14 Duncan Davidson chairman, Persimmon Homes

The founder of Persimmon, and one of the richest men in Britain, Duncan Davidson has turned the housebuilder into the UK’s biggest.

He moved up from chief executive to chairman last year, but remains an influential figure in the wider housebuilding industry.

How positive an influence is open to question. Housebuilders return profits that contractors can only dream of, and sit on huge landbanks, yet the number of new homes built each year is currently at record lows.

The industry points the finger at the planning system, while its critics grumble at the slow pace with which housebuilders actually construct new homes, its reluctance to embrace innovations like offsite technology, and accuse some of sitting on their landbanks until new infrastructure boosts the land value.

Despite the efforts of John Prescott, it is difficult to see housebuilders like Davidson changing in the immediate future. With those kinds of profit margins, their view is almost certainly, ‘it ain’t broke, so why fix it?’

25=

Bob Blackman, national secretary for construction, TGWU; and Alan Ritchie, general secretary, UCATT

The noughties have been an active decade for the unions. Industrial disputes have flared up on many flagship schemes, most recently Wembley and T5, where conflict between rival unions fanned the flames of industrial unrest.

Uncertainty currently surrounds the Major Projects Agreement and the steel sector’s NAECI agreement.

In the middle of all this are Bob Blackman and Alan Ritchie. The long-serving Blackman is regarded as a conciliator, while Ritchie, who replaced the highly respected George Brumwell in 2004, is a lesser known quantity.

Ahead of the Olympics, both men will be aware of the powerful position construction’s unions suddenly occupy once more. T5 proved that attempting to strike a ground-breaking pay deal with one union’s workers does not necessarily mean a happy workforce. The Olympics is one deadline that cannot be missed – as the unions will be only too aware.

15 Ken Livingstone, Mayor of London

Once a symbol of Labour’s hard left, Red Ken is these days showing a few blue tinges – although he is unafraid of courting controversy, as was demonstrated during his recent spat with the Evening Standard newspaper.

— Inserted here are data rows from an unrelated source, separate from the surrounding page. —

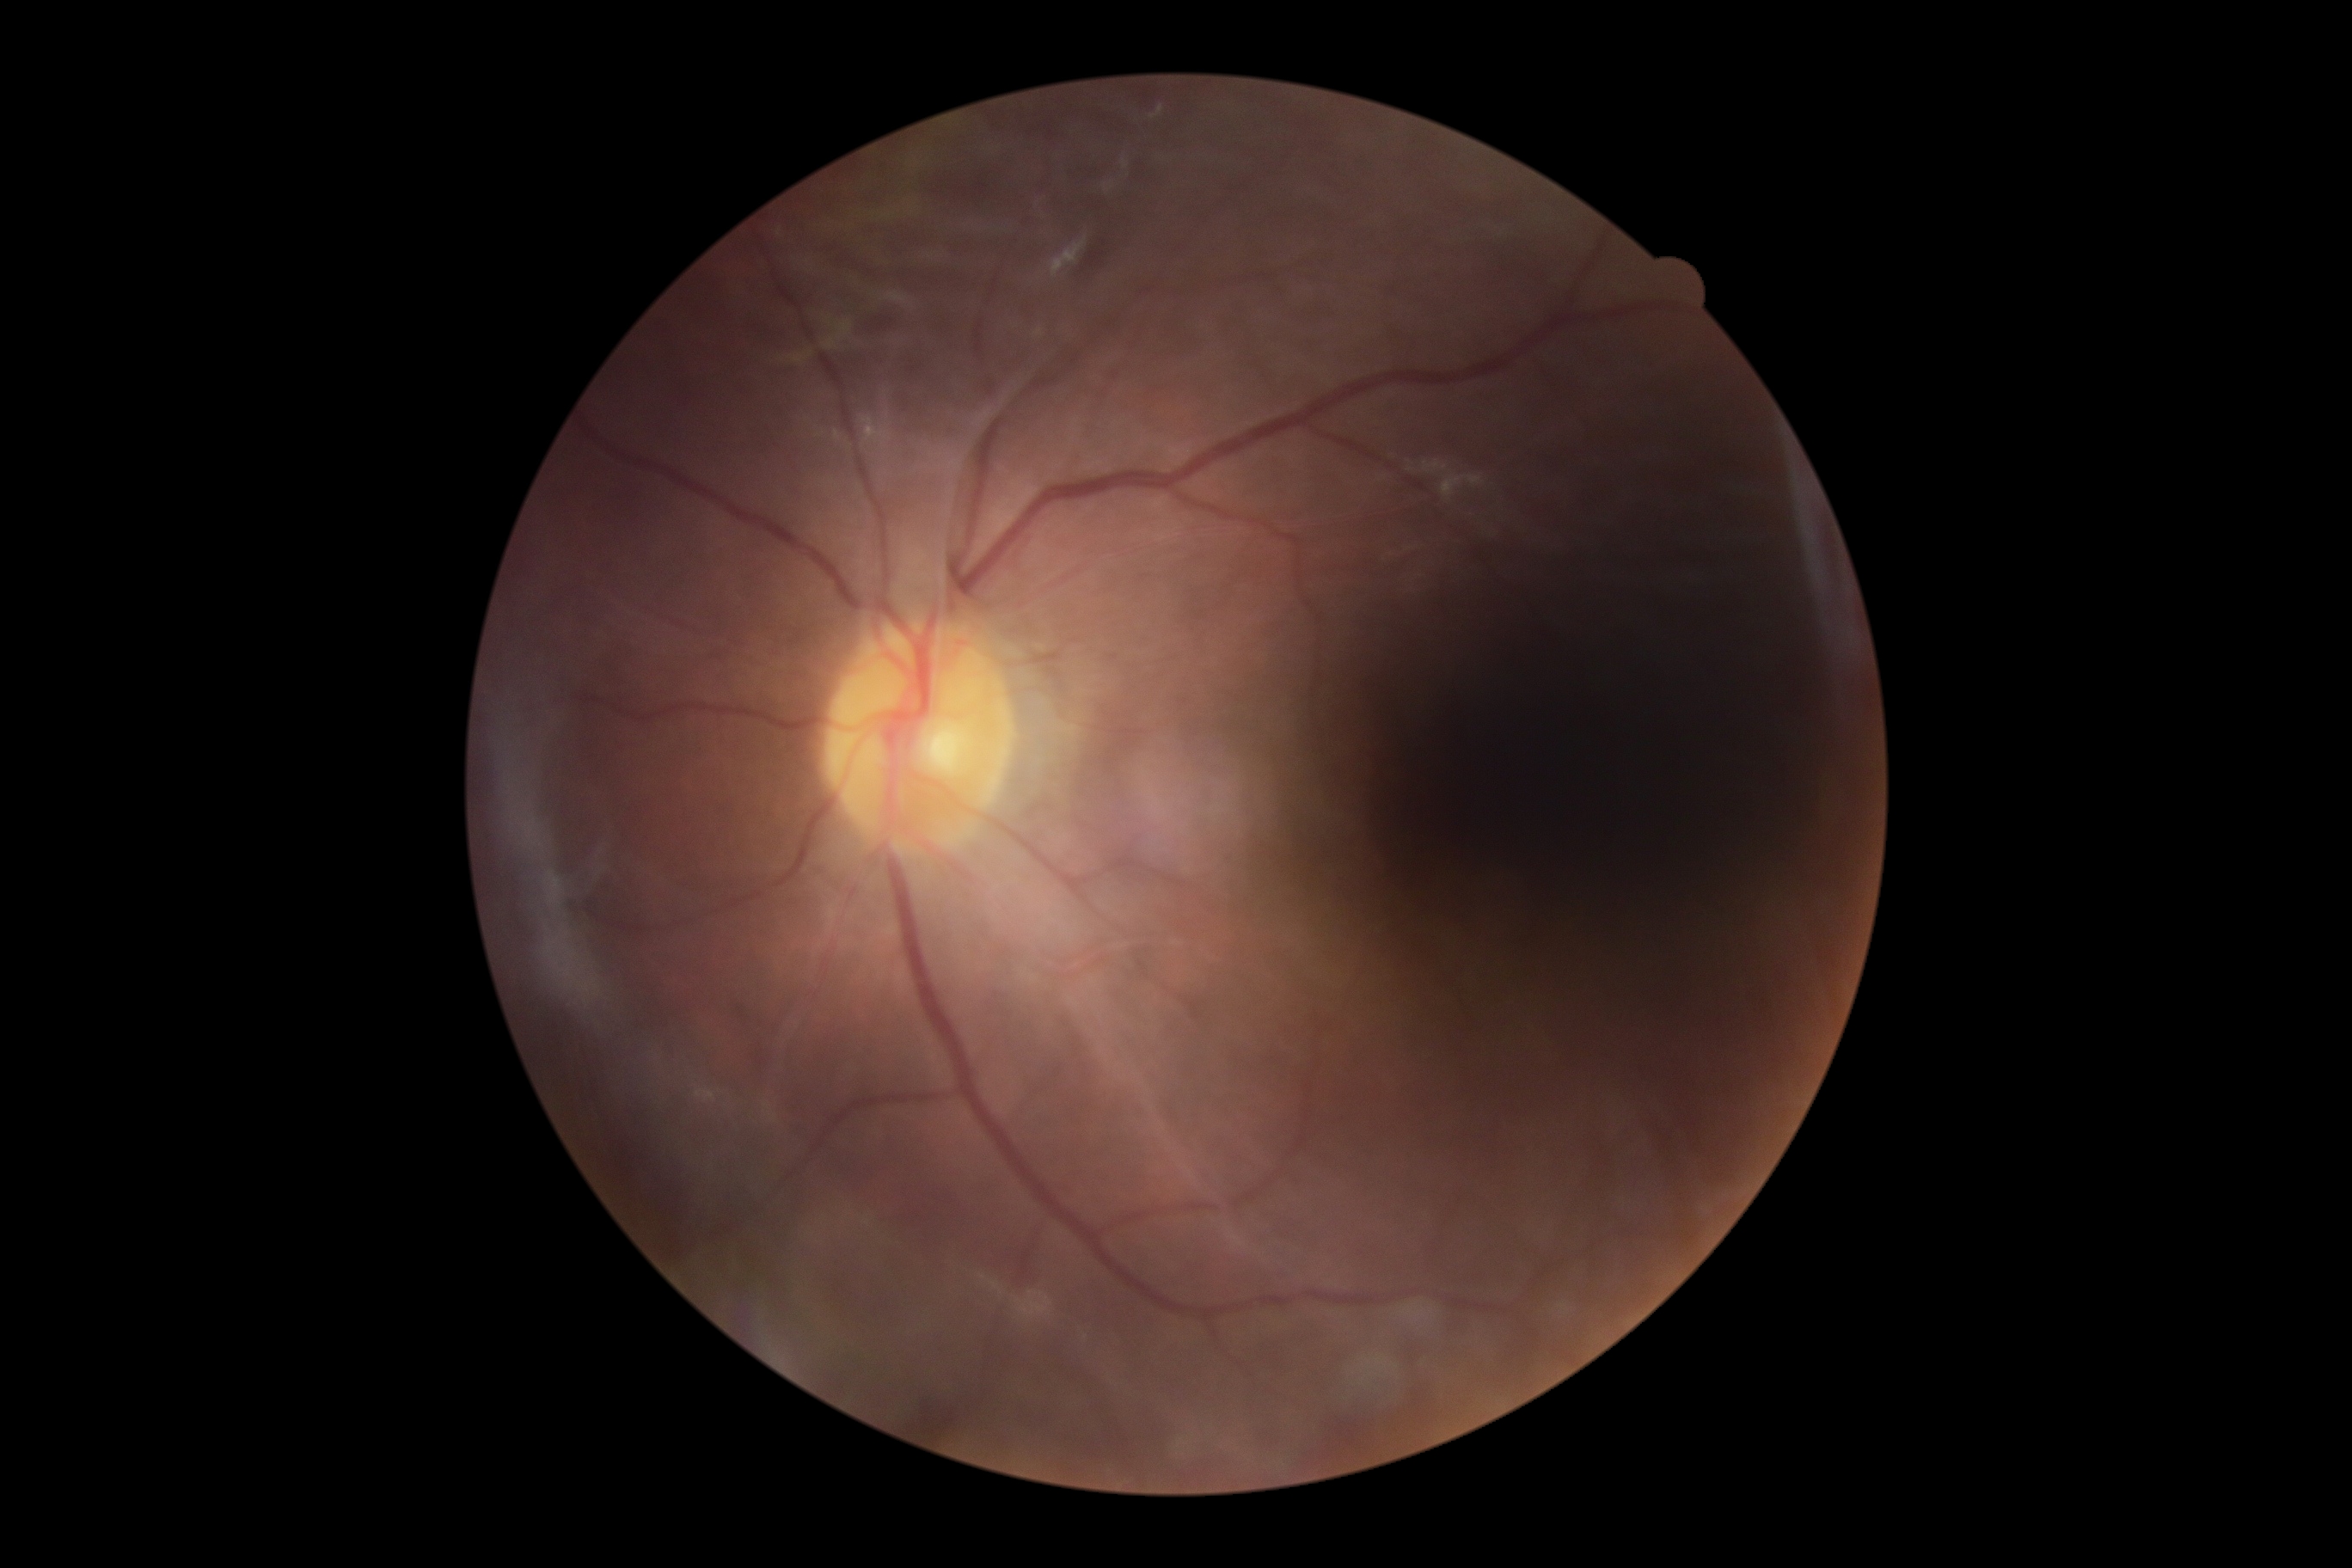

The retinopathy is classified as proliferative diabetic retinopathy. Diabetic retinopathy grade is proliferative diabetic retinopathy (4) — neovascularization and/or vitreous/pre-retinal hemorrhage.
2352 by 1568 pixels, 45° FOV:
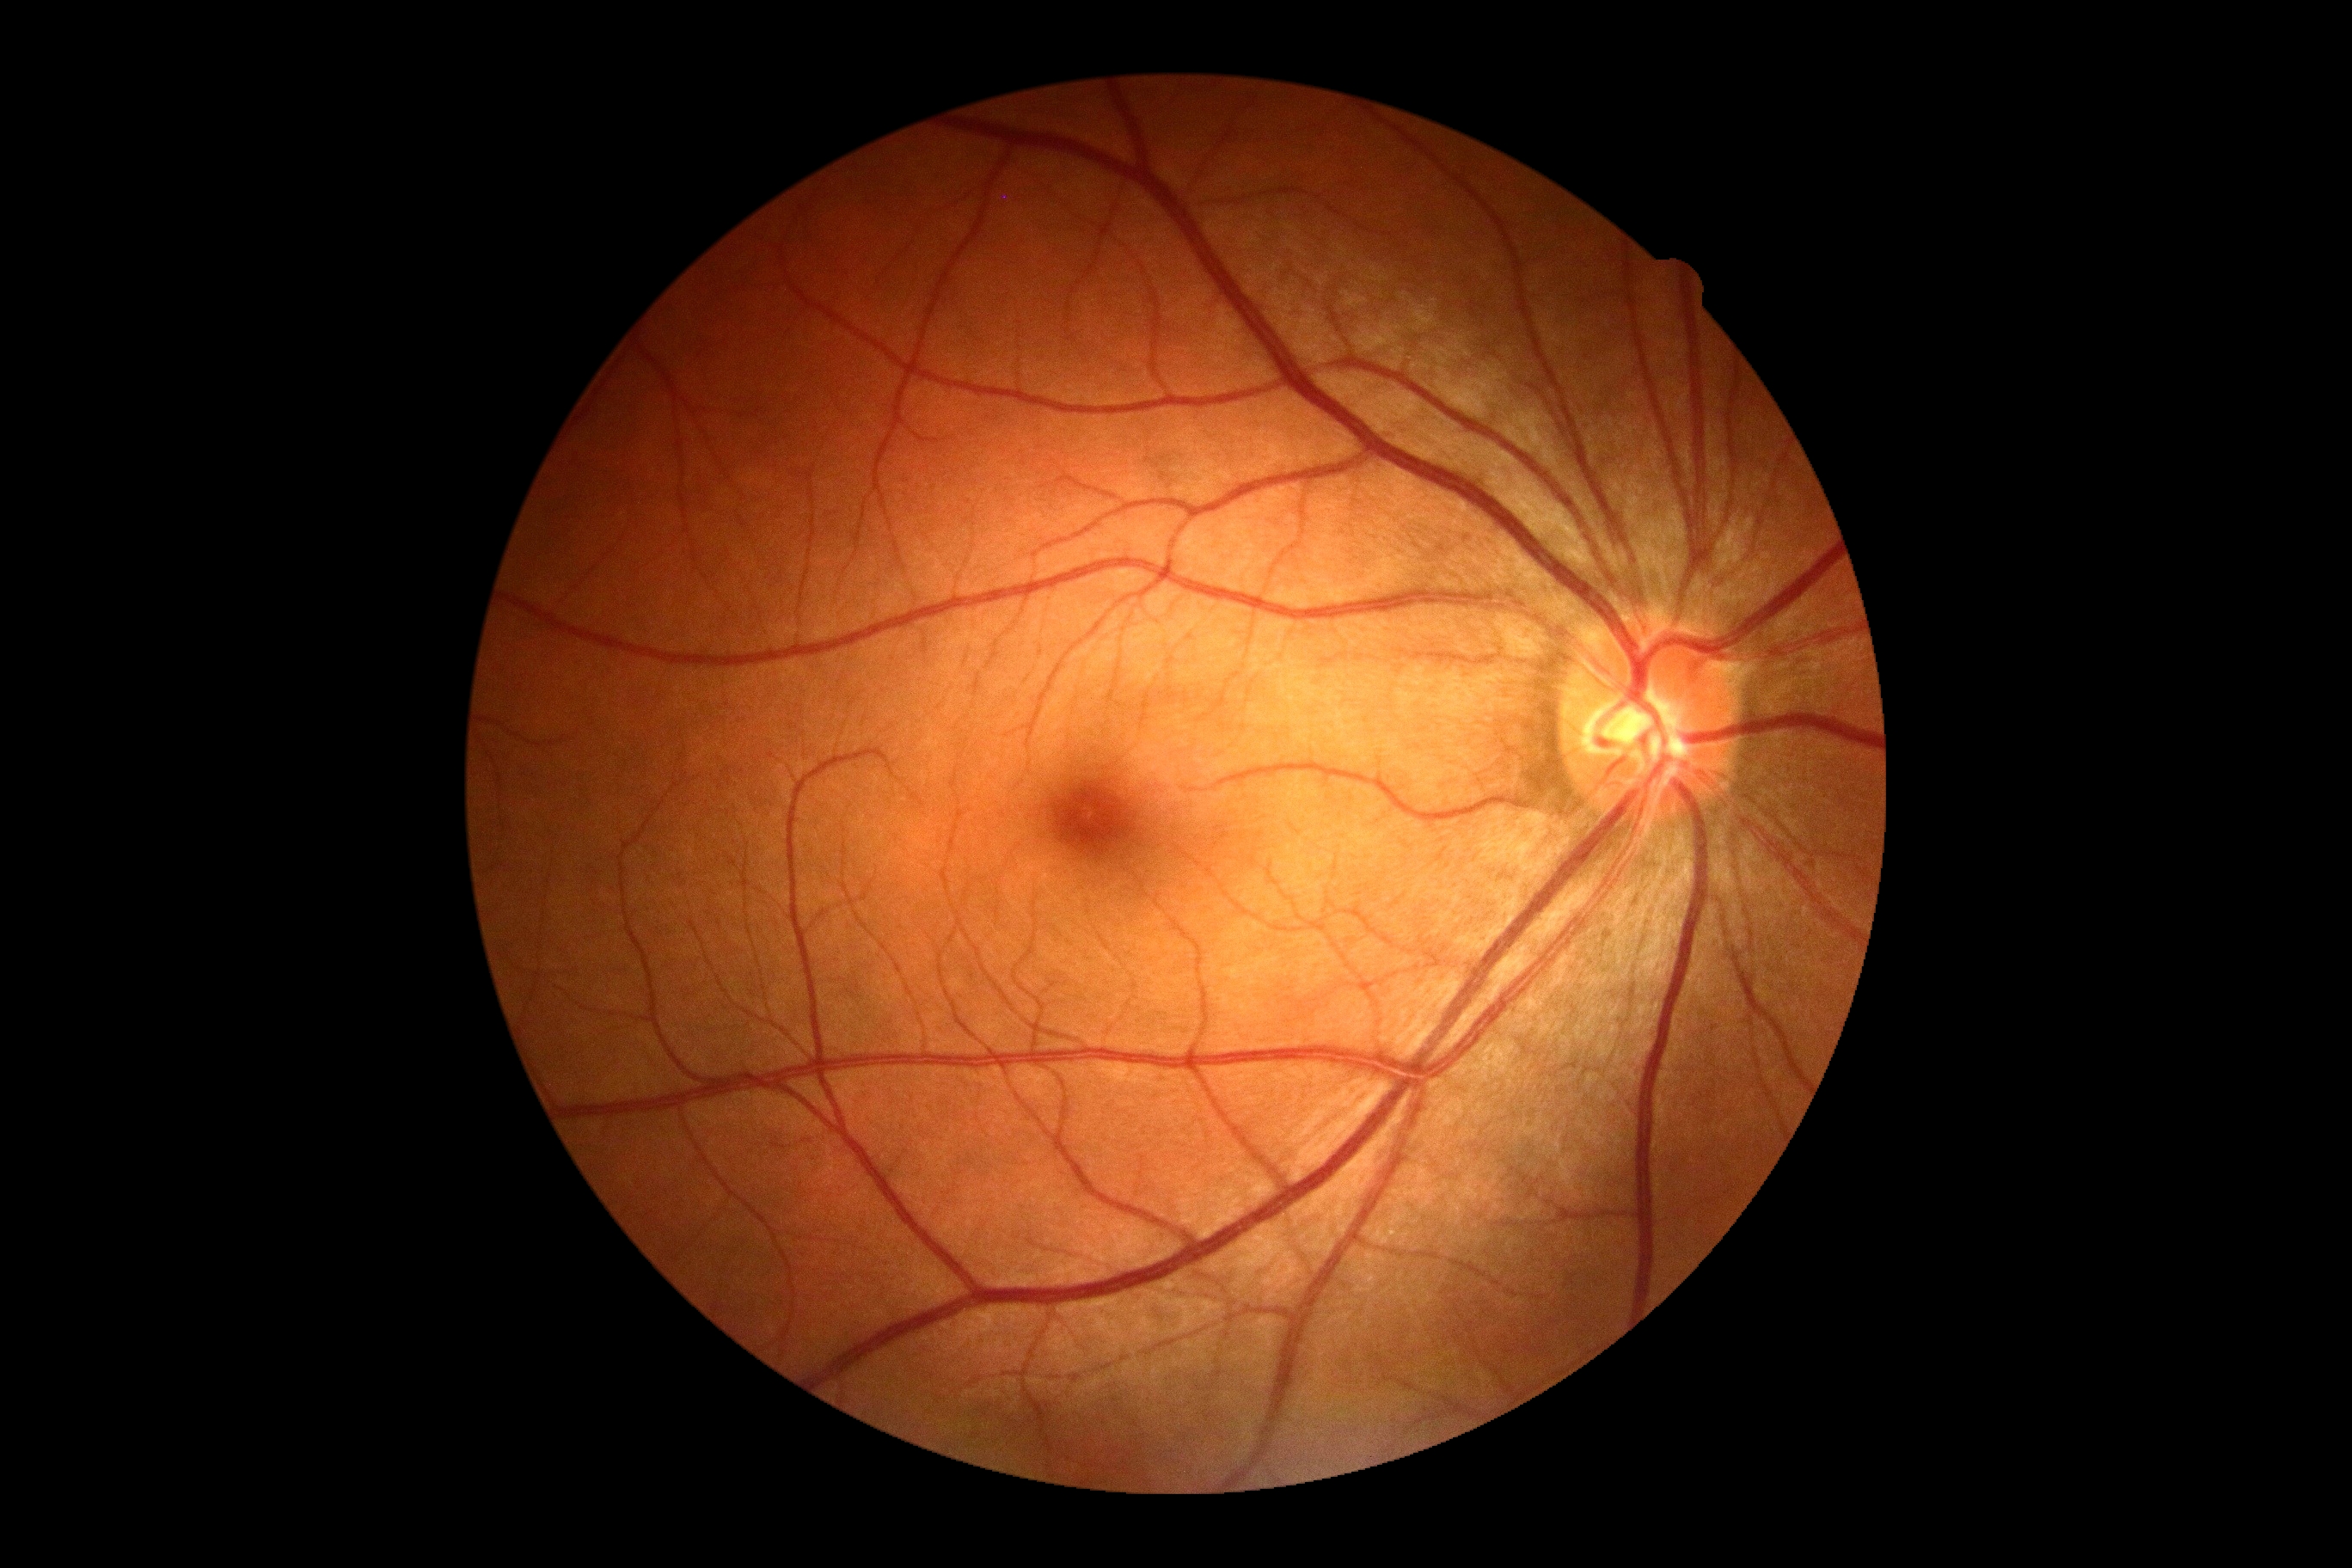

DR severity = grade 0.
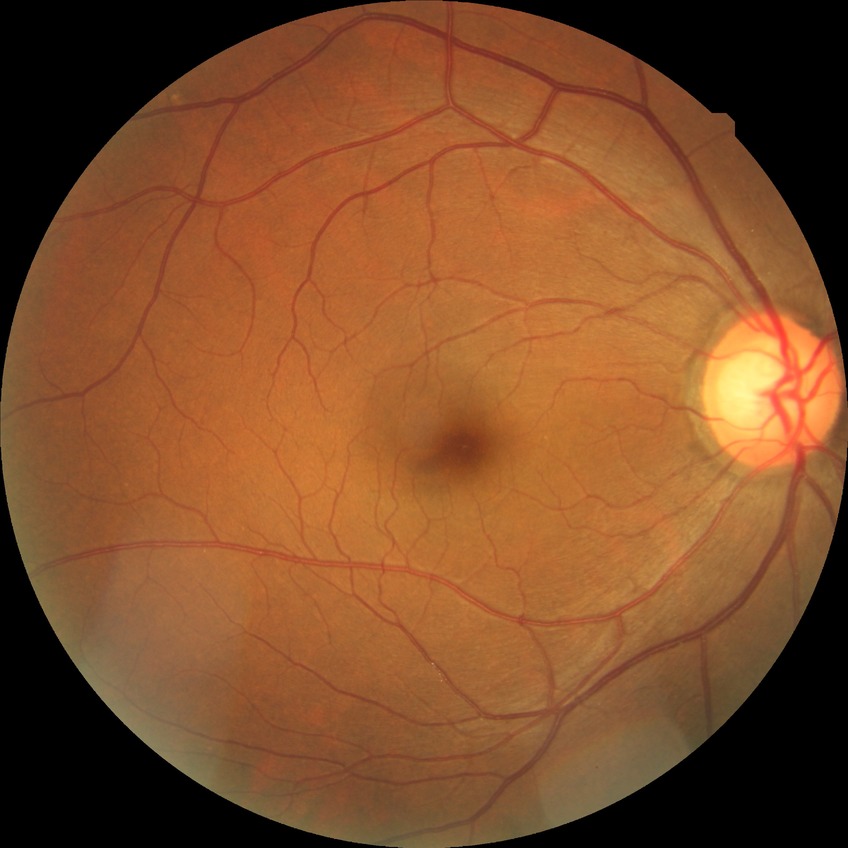

DR severity: NDR. No signs of diabetic retinopathy.

Livingstone was elected London mayor seven years ago, and his determination to overhaul the capital’s creaking infrastructure has since brought him into direct contact – and often confrontation – with the construction industry.

The most obvious example was his long-running battle, in partnership with TfL boss Bob Kiley, to prevent the Tube PPP from going through – which he lost.

Lately though, Livingstone’s policies are having a more positive effect on the industry. His use of the bonds market has made plans for a series of infrastructure projects – including a Thames Gateway crossing and Crossrail – come much closer to reality.

Bonds have already been used to raise funds for other Tube infrastructure work outside of the PPP.

Livingstone’s planning policies are also having an important influence on construction. His insistence on at least 35% social housing units in new developments has posed a few awkward questions for housebuilders, and he has made himself champion of tall buildings.

With huge development planned on his doorstep in the Thames Gateway, Livingstone’s influence on construction is likely to continue – at least as long as he stays in office.